Gesundes Selbst-Bewusstsein schützt vor Übergriffen

Nachricht 08. Februar 2018

Prävention im Paul-Gerhardt-Kindergarten

Sarstedt (stb). Wenn jemand „bei etwas Bauchschmerzen hat“, dann hat er meist ein recht gutes „Bauchgefühl“, will heißen, er hat ein Gespür dafür, was gut und richtig ist. Das ist bei Kindern nicht anders als bei Erwachsenen. Und doch erziehen Eltern ihre Kinder oft dazu, genau dieses Gefühl auszublenden, wenn es darum geht, das zu tun, was andere von ihnen verlangen. Dabei ist dieses intuitive, in den Eingeweiden beheimatete Entscheiden ein archaischer Schutzmechanismus, der die Menschheit seit jeher davor bewahrt hat, Dinge zu tun, die ihr schaden.

Da setzt das Präventionskonzept des Paul-Gerhardt-Kindergartens in Kooperation mit dem Hildesheimer Verein Wildrose Beratungsstelle gegen sexuelle Gewalt e.V. an, sowohl bei den Kindern als auch bei den Eltern.

In einem dreitägigen Kurs beschäftigen sich seit einigen Jahren immer die Schulanfänger der Kita mit dem Selbst-Schutz. Unter der Anleitung von Birgit Klein von Wildrose e.V. ging es in der vergangene Woche ums bewusste „Ja“- und „Nein“-Sagen, das Hören auf die eigenen Bedürfnisse, die Frage, wer und was eigentlich „fremd“ ist, und die eigene Selbstwahrnehmung.

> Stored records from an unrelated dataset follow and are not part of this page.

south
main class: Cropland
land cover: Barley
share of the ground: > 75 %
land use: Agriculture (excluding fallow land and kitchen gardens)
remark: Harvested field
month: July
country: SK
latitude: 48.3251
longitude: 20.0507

Der Einstieg ist die Beschäftigung mit dem „Fremden“. Vor dem warnen viele Eltern ihre Kinder und verbieten mitzugehen. Doch wer ist eigentlich fremd? Die Nachbarin, Papas Arbeitskollege oder der Opa der besten Freundin? Dabei fängt es schon im eigenen Zuhause an, wenn Kinder gedrängt werden, doch der Tante das Küsschen oder dem Opa die Umarmung nicht zu verweigern. So lernen Kinder schon früh ganz nebenbei, dass ihre eigene Meinung nichts zählt. Warum sollten sie also dem „bösen Fremden“ „Nein“ sagen, wenn er um etwas bittet oder das Kind zu etwas auffordert.

Birgit Klein begann deshalb jeden Kurstag mit der Frage „Wie geht es euch, was wünscht ihr euch vom Tag, damit er schön wird?“ Dann wurden unter anderem die Bilderbücher „Der Neinrich“ und „Nein! Nein! Ich steig´ in kein fremdes Auto ein!“ vorgelesen und über den Inhalt gesprochen. Dazu wurden „Ja“- und „Nein“-Hände aus Pappe gebastelt, mit denen die Mädchen und Jungen auch visuell ihre Zustimmung und Abneigung deutlich machen konnten. Später kamen Mimik-, Gestik- und Körperhaltungsübungen dazu.

Damit der Kurs nicht ins Leere läuft, gibt es vor jedem Kursdurchlauf in der Paul-Gerhardt-Kita auch einen Elternabend, in dem die Eltern nicht nur Fragen stellen können, sondern auch erfahren, das ein Kind, dem das Recht auf Selbstbestimmung zugestanden wird und das gelernt hat, sein Handeln mitzubestimmen, und erfahren hat, dass sein „Ich will nicht!“ akzeptiert wird, weniger gefährdet ist, ein Opfer zu werden.

Denn Täter suchen sich ihre Opfer aus. Und ein starkes, selbstbewusstes Kind weiß, wann es auf sein Bauchgefühl hören muss.